Teriyaki Chicken Rice Paper Rolls
WITH Sarah McCarthy
Dinner/Lunch • 10 Minutes • Serves: 1 • Cost: $3.90 per Serve
A classic lunch/dinner to share with your friend, to keep each other accountable to their healthy eating goals. A quick and easy lunch or dinner. Either buy a cooked chook from the shop or cook chicken breast (see our Shredded Chicken recipe). Always aim for a minimum of 3 different colours in your meal for healthy hair, skin and nails! For example the 3 different colours this meal has is: orange (carrot), red (capsicum) and green (cucumber).
INGREDIENTS
- 1 cup (160g) shredded cooked chicken (roast chicken OR our Shredded Chicken recipe)
- 1 carrot, sliced thinly
- 1 red capsicum, sliced thinly
- 1 cucumber, sliced thinly
- ¼ avocado, sliced thinly
- 2 tablespoon fresh coriander
- 2 tablespoon teriyaki sauce
- 1 tablespoon sweet chilli sauce
- 4 rice paper rounds
METHOD
- Combine chicken, coriander and sauces in large bowl.
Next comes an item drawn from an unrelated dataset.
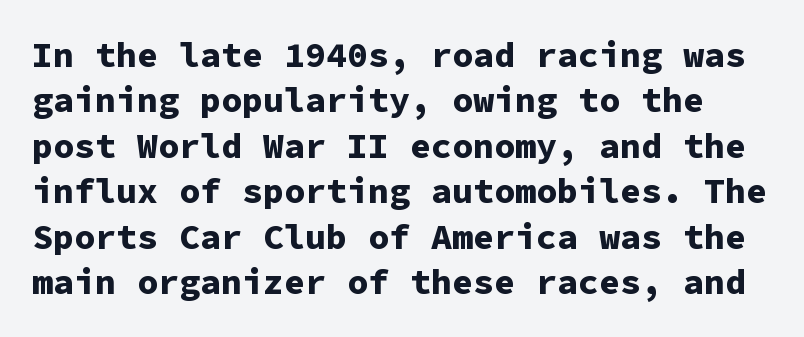
The image shows 35 px bold sans-serif type, upright, monospaced; set normal line spacing (1.3x), normal letter spacing, not underlined; low stroke contrast and a medium x-height.

- Place one sheet of rice paper in medium bowl of warm water until just softened; lift sheet carefully from water, place on board.
- Place some of the filling in the centre of sheet with the vegetables; fold in sides, roll top to bottom to enclose filling. Repeat with remaining rice paper sheets and filling.